- [EXERCISE AIM]:
Lift out, unaltered, the lines of the material below between the line holding "Please give the" and the line holding "State the 3-D", counting both.
*** INPUT RECORDS ***
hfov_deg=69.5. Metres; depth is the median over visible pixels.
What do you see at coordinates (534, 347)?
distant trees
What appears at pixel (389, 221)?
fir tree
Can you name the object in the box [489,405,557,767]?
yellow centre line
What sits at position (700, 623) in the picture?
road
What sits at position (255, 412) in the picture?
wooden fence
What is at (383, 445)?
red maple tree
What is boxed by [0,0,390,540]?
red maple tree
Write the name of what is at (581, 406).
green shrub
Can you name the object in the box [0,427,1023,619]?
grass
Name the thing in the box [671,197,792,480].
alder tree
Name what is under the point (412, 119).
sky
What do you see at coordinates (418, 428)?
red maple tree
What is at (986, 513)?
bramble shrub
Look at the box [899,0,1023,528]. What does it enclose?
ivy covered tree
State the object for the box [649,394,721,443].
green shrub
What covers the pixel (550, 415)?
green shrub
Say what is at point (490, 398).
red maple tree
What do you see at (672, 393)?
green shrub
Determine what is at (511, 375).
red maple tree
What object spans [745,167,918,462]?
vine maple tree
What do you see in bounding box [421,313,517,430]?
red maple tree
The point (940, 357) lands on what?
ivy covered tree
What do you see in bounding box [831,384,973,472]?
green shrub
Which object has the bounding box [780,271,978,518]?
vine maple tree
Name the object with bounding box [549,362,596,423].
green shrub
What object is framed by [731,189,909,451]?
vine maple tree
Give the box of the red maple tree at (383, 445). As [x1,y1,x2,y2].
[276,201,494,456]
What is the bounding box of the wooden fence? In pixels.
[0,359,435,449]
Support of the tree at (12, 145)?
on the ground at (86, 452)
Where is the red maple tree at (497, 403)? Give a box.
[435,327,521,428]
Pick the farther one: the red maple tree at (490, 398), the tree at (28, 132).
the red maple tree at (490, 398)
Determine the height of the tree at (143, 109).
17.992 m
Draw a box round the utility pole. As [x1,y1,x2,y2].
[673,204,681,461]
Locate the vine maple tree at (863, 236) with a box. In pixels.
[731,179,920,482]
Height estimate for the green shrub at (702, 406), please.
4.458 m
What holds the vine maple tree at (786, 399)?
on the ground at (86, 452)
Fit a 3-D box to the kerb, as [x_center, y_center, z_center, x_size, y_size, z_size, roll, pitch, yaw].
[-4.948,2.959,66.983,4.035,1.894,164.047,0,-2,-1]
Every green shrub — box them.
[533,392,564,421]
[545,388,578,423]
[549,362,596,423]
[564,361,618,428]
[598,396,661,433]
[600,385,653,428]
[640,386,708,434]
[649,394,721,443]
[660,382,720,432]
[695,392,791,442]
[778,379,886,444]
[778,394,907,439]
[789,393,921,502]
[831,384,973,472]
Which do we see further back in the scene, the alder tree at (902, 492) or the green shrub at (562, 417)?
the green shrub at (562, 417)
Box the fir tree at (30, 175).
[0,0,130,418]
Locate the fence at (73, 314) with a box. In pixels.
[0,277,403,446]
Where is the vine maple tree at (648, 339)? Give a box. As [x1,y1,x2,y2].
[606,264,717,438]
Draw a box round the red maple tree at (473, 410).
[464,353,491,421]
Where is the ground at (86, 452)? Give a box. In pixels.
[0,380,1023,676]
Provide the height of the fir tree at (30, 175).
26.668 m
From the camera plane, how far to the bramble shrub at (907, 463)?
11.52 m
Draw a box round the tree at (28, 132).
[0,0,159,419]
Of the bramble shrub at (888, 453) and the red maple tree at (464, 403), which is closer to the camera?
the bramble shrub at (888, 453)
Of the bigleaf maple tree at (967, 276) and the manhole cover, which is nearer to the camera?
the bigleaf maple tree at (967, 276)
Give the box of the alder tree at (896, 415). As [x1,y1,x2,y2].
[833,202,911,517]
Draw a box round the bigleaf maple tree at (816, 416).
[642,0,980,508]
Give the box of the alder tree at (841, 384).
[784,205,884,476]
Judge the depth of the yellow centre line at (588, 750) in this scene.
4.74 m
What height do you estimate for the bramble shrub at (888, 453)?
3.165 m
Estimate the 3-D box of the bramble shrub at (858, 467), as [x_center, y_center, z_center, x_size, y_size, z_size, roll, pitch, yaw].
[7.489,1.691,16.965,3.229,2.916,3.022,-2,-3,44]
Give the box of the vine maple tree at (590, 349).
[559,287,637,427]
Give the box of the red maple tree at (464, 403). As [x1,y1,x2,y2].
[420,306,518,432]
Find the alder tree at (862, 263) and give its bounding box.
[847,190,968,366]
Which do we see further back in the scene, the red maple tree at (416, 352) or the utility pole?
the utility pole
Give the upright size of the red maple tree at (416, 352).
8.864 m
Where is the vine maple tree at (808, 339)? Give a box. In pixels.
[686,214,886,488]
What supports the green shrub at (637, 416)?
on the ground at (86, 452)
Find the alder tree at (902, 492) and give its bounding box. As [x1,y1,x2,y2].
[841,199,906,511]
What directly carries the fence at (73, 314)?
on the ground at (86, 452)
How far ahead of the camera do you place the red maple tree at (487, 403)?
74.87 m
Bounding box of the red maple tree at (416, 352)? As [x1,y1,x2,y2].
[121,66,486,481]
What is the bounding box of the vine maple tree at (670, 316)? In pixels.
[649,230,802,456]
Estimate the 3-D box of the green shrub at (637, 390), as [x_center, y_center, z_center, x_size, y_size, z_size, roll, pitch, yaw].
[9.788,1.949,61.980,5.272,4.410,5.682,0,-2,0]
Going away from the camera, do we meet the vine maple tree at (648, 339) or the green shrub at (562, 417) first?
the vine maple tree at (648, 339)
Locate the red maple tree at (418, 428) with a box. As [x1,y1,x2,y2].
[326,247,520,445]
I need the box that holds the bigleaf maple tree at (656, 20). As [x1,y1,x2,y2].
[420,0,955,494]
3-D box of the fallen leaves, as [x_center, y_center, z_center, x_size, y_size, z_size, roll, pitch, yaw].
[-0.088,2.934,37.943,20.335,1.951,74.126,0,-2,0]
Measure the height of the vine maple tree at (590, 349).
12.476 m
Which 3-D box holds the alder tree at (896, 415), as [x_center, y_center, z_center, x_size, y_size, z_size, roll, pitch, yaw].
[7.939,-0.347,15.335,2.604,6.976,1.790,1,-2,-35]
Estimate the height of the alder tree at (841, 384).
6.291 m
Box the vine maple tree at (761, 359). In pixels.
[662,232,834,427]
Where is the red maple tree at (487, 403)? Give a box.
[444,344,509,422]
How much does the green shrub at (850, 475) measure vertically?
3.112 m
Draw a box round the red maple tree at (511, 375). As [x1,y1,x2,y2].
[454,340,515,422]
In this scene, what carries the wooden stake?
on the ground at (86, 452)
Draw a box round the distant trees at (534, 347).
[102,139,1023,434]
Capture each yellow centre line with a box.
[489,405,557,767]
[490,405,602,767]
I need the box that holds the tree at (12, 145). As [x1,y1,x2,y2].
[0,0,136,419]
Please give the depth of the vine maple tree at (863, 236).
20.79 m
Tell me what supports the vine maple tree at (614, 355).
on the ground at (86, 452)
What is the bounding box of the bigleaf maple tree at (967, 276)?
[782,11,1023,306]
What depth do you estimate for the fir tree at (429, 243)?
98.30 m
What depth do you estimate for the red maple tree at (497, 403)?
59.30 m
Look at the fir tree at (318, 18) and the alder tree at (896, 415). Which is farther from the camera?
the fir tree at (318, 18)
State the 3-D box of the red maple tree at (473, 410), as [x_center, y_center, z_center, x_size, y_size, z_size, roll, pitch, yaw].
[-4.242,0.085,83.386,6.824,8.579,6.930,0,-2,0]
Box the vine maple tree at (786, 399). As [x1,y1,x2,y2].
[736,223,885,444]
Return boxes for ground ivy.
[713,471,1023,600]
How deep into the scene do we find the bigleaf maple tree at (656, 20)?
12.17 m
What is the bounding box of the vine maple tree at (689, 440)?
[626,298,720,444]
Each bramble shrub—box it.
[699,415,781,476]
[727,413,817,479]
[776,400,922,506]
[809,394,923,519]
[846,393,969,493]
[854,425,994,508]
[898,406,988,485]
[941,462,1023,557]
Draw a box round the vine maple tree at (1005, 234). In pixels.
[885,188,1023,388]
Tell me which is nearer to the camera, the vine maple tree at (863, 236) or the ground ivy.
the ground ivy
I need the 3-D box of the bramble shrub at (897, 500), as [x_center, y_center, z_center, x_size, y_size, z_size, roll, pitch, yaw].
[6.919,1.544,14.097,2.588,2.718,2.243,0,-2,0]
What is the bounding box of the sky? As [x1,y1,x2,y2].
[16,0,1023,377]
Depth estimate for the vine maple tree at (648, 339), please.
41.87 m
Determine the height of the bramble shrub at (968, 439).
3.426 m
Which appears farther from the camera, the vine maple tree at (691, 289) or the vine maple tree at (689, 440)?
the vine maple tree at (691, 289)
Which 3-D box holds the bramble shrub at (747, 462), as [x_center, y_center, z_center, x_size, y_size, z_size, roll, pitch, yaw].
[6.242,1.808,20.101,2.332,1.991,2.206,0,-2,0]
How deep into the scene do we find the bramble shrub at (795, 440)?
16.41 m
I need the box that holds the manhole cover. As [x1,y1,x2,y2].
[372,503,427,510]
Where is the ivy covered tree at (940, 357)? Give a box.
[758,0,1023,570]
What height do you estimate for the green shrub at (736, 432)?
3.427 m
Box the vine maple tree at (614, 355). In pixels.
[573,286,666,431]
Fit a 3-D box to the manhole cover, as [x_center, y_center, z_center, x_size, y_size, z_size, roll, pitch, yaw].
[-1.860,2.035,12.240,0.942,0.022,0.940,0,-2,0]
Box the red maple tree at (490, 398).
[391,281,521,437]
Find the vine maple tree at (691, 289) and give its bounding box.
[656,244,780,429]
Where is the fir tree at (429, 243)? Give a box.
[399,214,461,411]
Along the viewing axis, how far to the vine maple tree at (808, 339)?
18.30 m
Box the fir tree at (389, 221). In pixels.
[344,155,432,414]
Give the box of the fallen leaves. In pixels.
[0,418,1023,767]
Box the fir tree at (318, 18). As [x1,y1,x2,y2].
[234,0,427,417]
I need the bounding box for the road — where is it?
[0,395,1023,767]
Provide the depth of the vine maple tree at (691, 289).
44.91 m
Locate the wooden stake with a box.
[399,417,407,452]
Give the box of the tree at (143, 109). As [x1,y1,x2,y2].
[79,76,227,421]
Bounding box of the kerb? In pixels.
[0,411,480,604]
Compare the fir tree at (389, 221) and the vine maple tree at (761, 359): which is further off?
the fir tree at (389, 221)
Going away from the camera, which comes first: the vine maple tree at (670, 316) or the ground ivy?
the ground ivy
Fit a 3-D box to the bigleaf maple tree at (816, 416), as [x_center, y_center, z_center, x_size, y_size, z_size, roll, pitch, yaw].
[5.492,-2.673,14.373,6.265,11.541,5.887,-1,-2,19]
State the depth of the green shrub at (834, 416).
*** End of INPUT RECORDS ***
- [RESULT FOR THIS TASK]:
Please give the depth of the vine maple tree at (863, 236).
20.79 m
Tell me what supports the vine maple tree at (614, 355).
on the ground at (86, 452)
What is the bounding box of the bigleaf maple tree at (967, 276)?
[782,11,1023,306]
What depth do you estimate for the fir tree at (429, 243)?
98.30 m
What depth do you estimate for the red maple tree at (497, 403)?
59.30 m
Look at the fir tree at (318, 18) and the alder tree at (896, 415). Which is farther from the camera?
the fir tree at (318, 18)
State the 3-D box of the red maple tree at (473, 410), as [x_center, y_center, z_center, x_size, y_size, z_size, roll, pitch, yaw].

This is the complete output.